=== Section Start ===
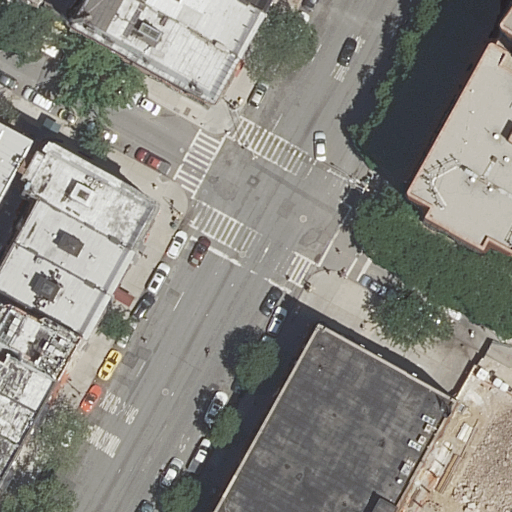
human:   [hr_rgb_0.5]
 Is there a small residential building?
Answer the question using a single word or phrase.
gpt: yes

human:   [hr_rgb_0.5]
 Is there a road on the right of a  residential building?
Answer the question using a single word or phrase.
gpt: yes

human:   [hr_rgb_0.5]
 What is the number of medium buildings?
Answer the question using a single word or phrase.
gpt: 7

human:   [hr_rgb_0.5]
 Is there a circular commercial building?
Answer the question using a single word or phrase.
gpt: no

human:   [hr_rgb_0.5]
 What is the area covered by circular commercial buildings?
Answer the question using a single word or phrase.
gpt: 0m2

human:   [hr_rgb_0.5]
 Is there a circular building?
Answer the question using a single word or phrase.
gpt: no

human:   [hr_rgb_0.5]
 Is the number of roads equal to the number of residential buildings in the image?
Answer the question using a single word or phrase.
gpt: no

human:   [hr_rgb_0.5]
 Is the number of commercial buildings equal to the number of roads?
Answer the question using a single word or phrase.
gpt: no

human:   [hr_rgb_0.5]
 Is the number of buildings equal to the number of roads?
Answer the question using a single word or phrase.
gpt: no

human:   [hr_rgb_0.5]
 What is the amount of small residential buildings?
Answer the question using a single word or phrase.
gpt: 5

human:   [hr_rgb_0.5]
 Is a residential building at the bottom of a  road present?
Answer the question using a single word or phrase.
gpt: yes

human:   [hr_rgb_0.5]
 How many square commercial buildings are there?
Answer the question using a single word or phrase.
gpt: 0

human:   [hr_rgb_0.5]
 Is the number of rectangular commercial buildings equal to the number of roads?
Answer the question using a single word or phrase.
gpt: no

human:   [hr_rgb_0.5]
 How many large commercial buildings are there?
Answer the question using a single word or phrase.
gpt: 0

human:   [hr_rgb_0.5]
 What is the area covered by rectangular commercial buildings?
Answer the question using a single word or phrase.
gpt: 0m2

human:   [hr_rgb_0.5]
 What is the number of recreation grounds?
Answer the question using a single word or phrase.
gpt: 0

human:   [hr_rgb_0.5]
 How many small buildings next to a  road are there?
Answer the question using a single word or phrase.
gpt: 5

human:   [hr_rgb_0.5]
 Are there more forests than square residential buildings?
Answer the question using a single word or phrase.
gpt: no

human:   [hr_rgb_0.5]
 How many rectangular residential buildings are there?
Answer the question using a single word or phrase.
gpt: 8

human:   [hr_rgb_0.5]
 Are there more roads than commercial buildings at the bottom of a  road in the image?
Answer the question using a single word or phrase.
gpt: yes

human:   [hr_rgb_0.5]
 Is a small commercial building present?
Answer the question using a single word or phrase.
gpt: no

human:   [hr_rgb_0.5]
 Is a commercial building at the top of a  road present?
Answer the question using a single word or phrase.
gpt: no

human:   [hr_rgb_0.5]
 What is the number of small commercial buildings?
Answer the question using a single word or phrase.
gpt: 0

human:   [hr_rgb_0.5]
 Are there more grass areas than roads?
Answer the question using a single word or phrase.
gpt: no

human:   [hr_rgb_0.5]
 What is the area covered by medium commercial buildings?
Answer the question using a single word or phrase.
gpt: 0m2

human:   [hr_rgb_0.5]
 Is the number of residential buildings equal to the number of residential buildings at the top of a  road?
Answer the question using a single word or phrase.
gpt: no

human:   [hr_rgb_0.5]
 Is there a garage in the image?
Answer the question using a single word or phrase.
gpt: no

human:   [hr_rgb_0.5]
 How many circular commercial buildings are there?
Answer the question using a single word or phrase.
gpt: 0

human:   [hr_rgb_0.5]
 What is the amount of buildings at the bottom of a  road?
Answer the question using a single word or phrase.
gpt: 10

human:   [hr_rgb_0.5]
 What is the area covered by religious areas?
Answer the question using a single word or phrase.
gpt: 0m2

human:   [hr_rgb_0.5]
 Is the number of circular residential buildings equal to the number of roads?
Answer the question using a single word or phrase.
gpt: no

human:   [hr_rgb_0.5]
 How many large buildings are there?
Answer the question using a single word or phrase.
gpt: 3

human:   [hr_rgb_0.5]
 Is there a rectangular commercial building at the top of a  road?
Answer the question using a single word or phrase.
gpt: no

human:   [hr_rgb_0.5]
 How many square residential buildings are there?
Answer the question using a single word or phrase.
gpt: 0

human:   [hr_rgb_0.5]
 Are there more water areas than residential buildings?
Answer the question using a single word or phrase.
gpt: no

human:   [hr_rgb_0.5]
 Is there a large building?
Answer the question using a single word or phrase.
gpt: yes
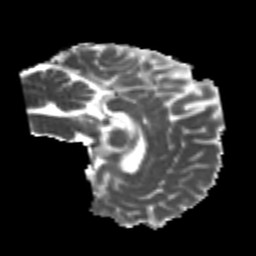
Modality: MD
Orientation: sagittal
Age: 23
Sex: male
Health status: healthy
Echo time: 0.074 s
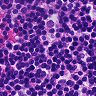
Metastatic tissue present: no
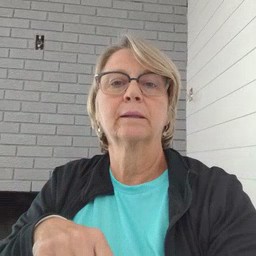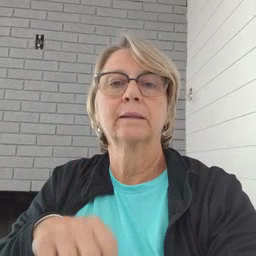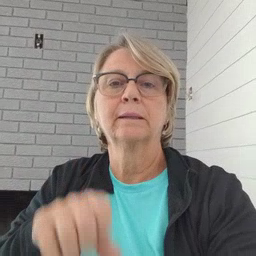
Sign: find
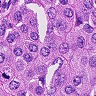
Metastatic tissue present: yes
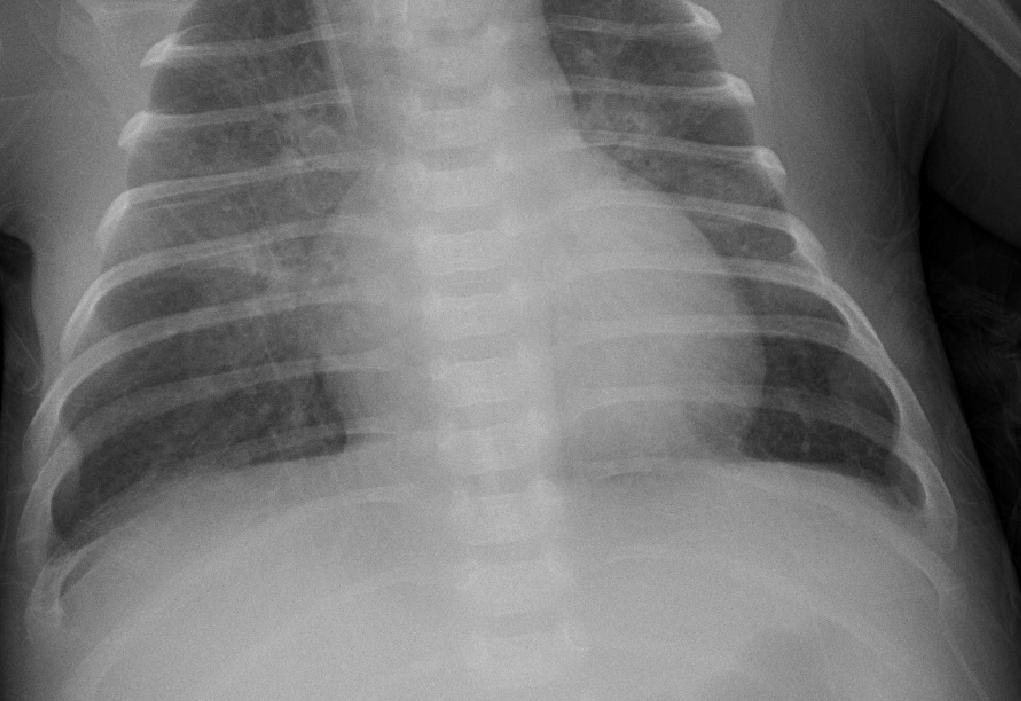
Diagnosis: PNEUMONIA
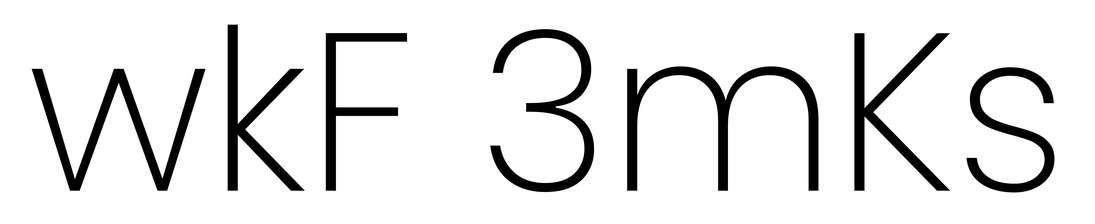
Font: Poppins-ExtraLight
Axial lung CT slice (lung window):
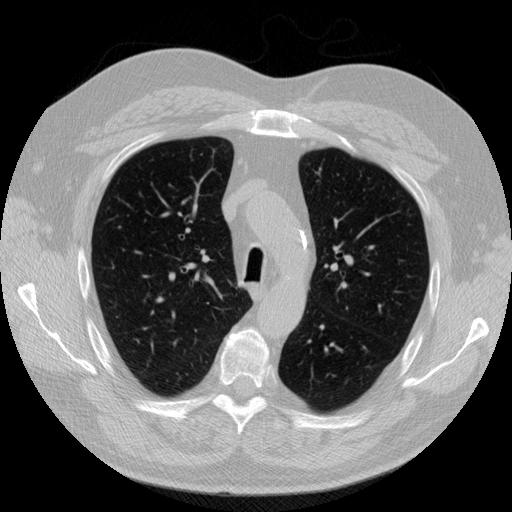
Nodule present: no
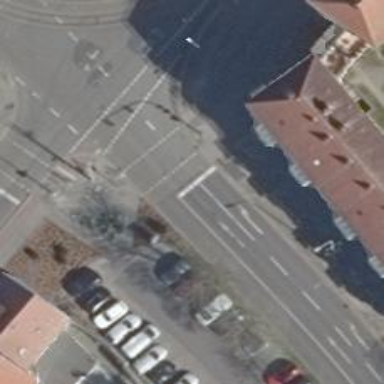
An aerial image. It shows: Road crossing with traffic signals.
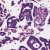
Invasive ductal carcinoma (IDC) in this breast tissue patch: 1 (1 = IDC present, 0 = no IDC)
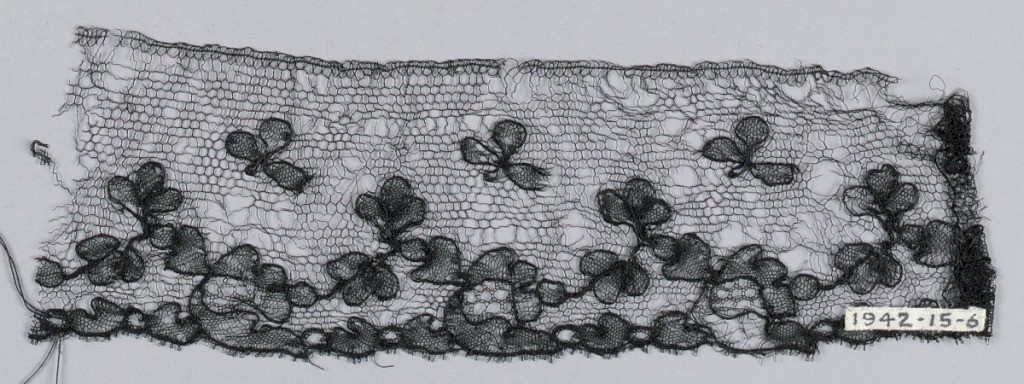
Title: Border fragment
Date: ca. 1870
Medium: silk Technique: bobbin lace
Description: Fragment showing a design of flowers made with outlining thread and honeycomb fillings sprinkled on a ground of hexagons and arranged as a border.
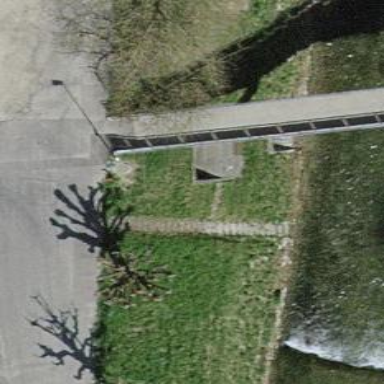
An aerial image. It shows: Concrete footway bridge.
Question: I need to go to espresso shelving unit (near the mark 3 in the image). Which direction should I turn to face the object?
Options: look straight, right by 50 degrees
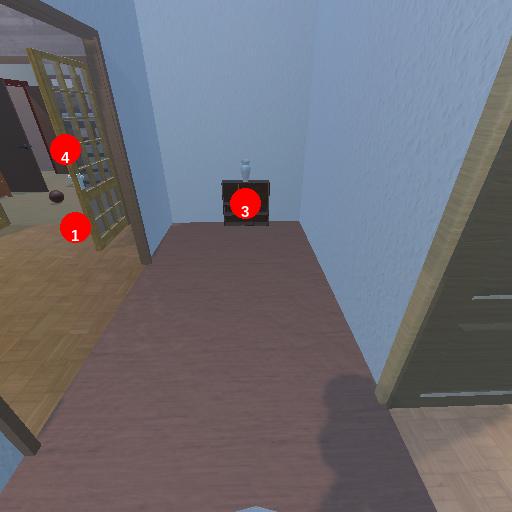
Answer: look straight
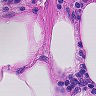
Metastatic tissue present: no
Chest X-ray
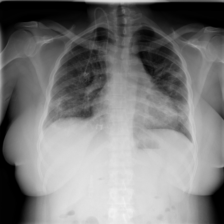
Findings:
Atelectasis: negative
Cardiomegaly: negative
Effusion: negative
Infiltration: positive
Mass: negative
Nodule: negative
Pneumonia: negative
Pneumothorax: negative
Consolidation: negative
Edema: negative
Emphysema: negative
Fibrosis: negative
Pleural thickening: negative
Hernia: negative
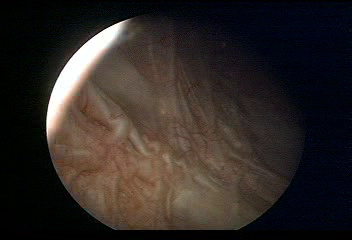
Modality: WLC
Class: Normal mucosa
Bladder cancer association: No
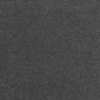
Label: dusty
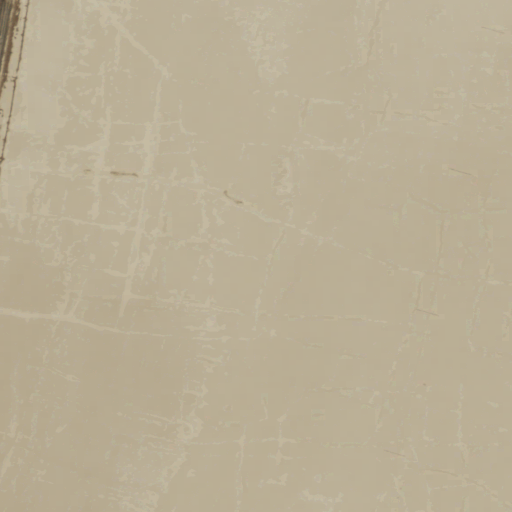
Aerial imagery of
=== Section End ===
### [EXERCISE INSTRUCTIONS]
In the lines above, find each one with "small" and list it.

### [RESPONSE]
 Is there a small residential building?
 What is the amount of small residential buildings?
 How many small buildings next to a  road are there?
 Is a small commercial building present?
 What is the number of small commercial buildings?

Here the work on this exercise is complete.